As a result of continuing intensive studies, the present inventors have found that the above problems can be solved by defining the compressive strength between the ALC outer wall panel and the design panel, and have completed the present invention.
That is, the present invention is as follows.
[1]
A design panel for laying on an outer wall panel made of lightweight cellular concrete (ALC) cured by an autoclave,
Made of lightweight cellular concrete, with a given design applied to the surface,
A design panel, wherein the compressive strength is lower than the compressive strength of the outer wall panel.
[2]
The design panel. Fixed on the outer wall panel by screws,
The design panel according to [1], wherein the indentation strength when pressing the head seating surface of the screw against the design panel is smaller than the pull-out strength of the screw driven into the outer wall panel. .
[3]
The design panel according to [1] or [2], wherein the lightweight cellular concrete forming the design panel has a lower specific gravity than the ALC forming the outer wall panel.
[4]
A wall structure, wherein the design panel according to any one of [1] to [3] is screwed to an outer wall panel made of ALC.
[5]
It has a heat insulation layer provided between the said outer wall panel and the said design panel, The wall structure as described in [4] characterized by the above-mentioned.
[6]
In the surface of the outer wall panel, it has an adhesive layer provided in the vicinity of the place where the screw is driven,
The wall structure according to [4] or [5], wherein the height of the adhesive layer is equal to or higher than the uneven height of the outer wall panel surface.
[7]
[4] to [6], wherein the design panel is fixed to the outer wall panel in combination with at least one penetration type or expansion type anchor in addition to the screw. Wall structure as described in.
[8]
In the construction method in which the design panel according to any one of [1] to [3] is overlaid by screwing on the outer wall panel,
Compressive strength of the design panel and / or dimensional shape of the screw,
Screw pull-out strength in the outer wall panel> The construction method is characterized in that selection is made so that the relationship of the indentation strength of the head seating surface of the screw in the design panel is established.
[9]
The construction method according to [8], wherein the screw is driven into the design panel without performing the pilot hole processing and / or dishing processing for the screw in advance.

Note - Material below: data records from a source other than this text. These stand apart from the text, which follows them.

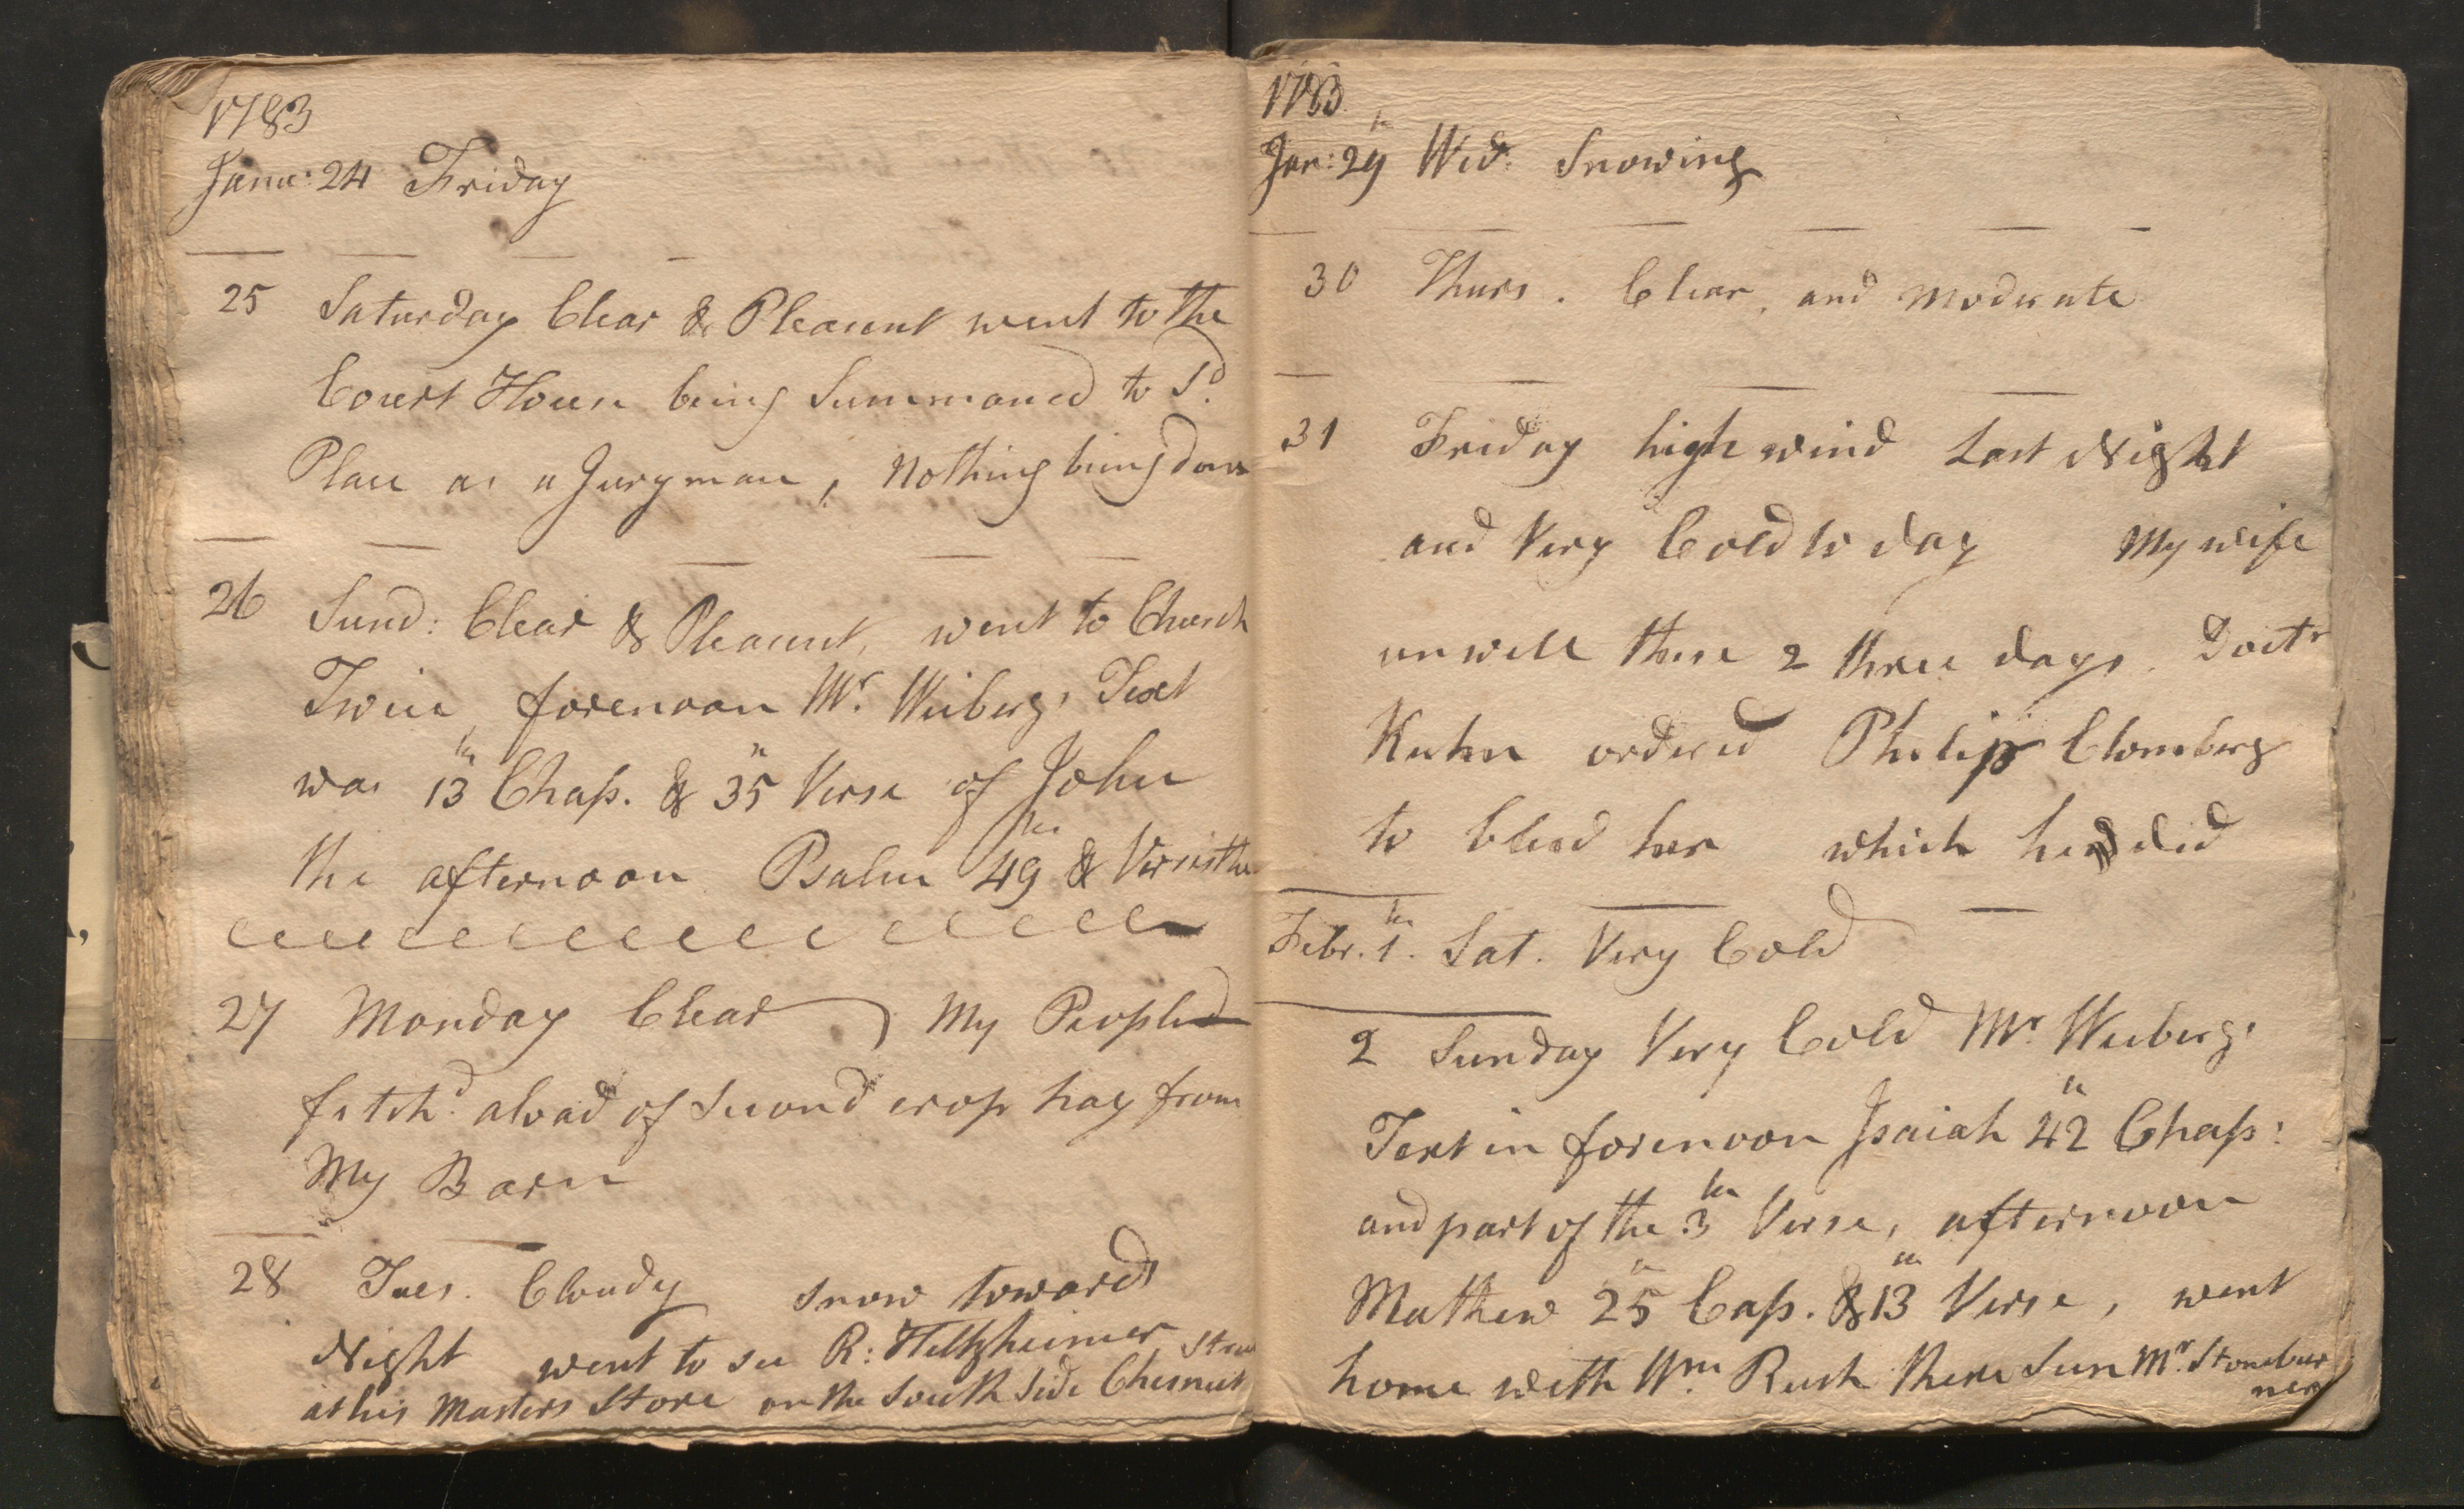1783
Janu. 24 Friday
25 Saturday Clear & Pleasent went to the
Court House being Summaned to s^d.
Place as a Juryman, Nothing being done
26 Sund. Clear & Pleasent went to Church
Twice forenoon M^r. Weibergs Text
was 13 Chap. & 35 Verse of John
the afternoon Psalm 49^th & Veres the
27 Monday Clear My People[d]
fetch^d. a load of second crop hay from
My Barn
28 Tues. Cloudy snow towards
Night went to see R.: Hiltzheimer, Stru
at his Masters Store on the South side Chesnut
1783
Jan: 29^th Wed. Snowing
30 Thurs. Clear, and moderate
31 Friday high wind Last Night
and Very Cold to day My wife
unwell these 2 three days, Doct^r
Kuhn ordered Philip Clomberg
to bleed her which he did
Febr. 1^t. Sat. Very Cold
2 Sunday Very Cold M^r. Weibergs
Text in forenoon Isaiah 42^th Chap:
and part of the 3^th Verse, afternoon
Mathew 25^th Cap. & 13^th Verse, went
home with W^m. Rush there Seen M^r Stonebur
ner
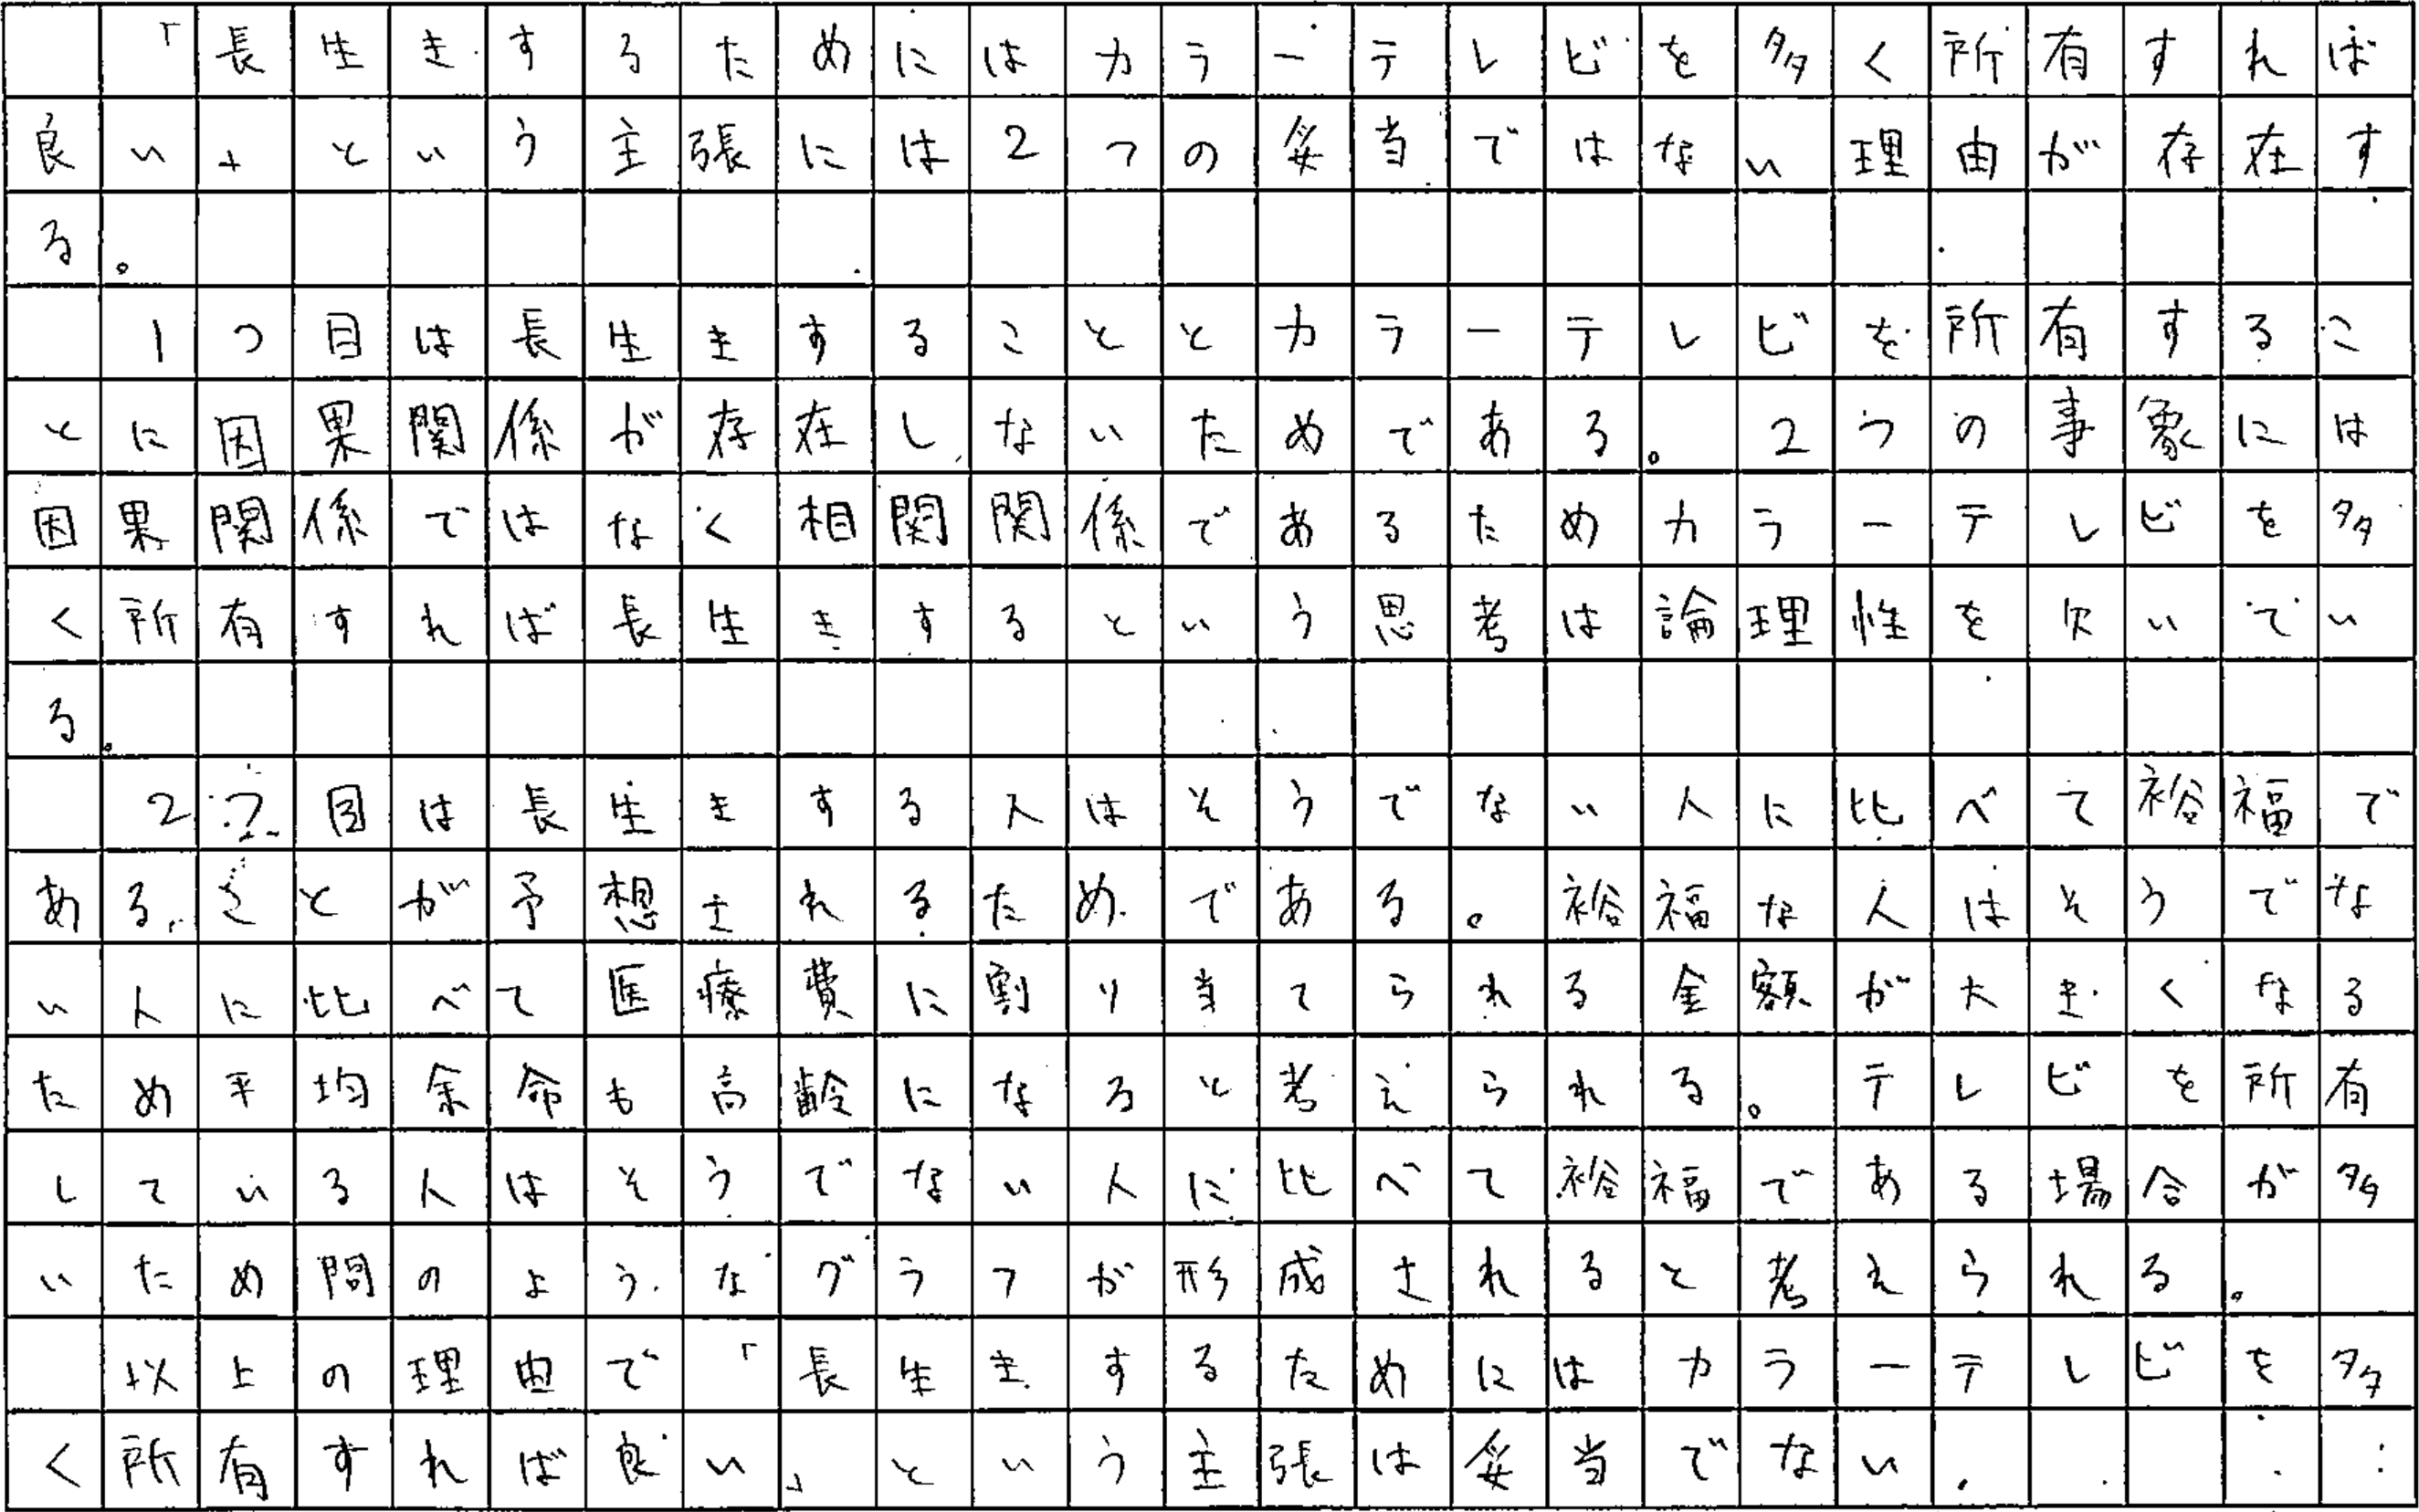　「長生きするためにはカラーテレビを多く所有すれば良い」という主張には２つの妥当ではない理由が存在する。
　１つ目は長生きすることとカラーテレビを所有することに因果関係が存在しないためである。２つの事象には因果関係ではなく相関関係であるためカラーテレビを多く所有すれば長生きするという思考は論理性を欠いている。
　２つ目は長生きする人はそうでない人に比べて裕福であることが予想されるためである。裕福な人はそうでない人に比べて医療費に割り当てられる金額が大きくなるため平均余命も高齢になると考えられる。テレビを所有している人はそうでない人に比べて裕福である場合が多いため問のようなグラフが形成されると考えられる。
　以上の理由で「長生きするためにはカラーテレビを多く所有すれば良い」という主張は妥当でない。

  According to the present invention, the compressive strength of the design panel as the new outer wall is made lower than the compressive strength of the existing ALC outer wall panel, so that it is simply and highly reliable on the ALC outer wall panel. A design panel, a wall structure, and a construction method that can be provided can be provided.

It is a disassembled perspective view which shows an example of the wall structure of this invention. It is sectional drawing which shows an example of the wall structure of this invention. It is sectional drawing which shows an example of the wall structure of this invention. It is sectional drawing which shows an example of the wall structure of this invention. It is a figure which shows the relationship between the drawing strength of a screw, and the penetration strength of a screw.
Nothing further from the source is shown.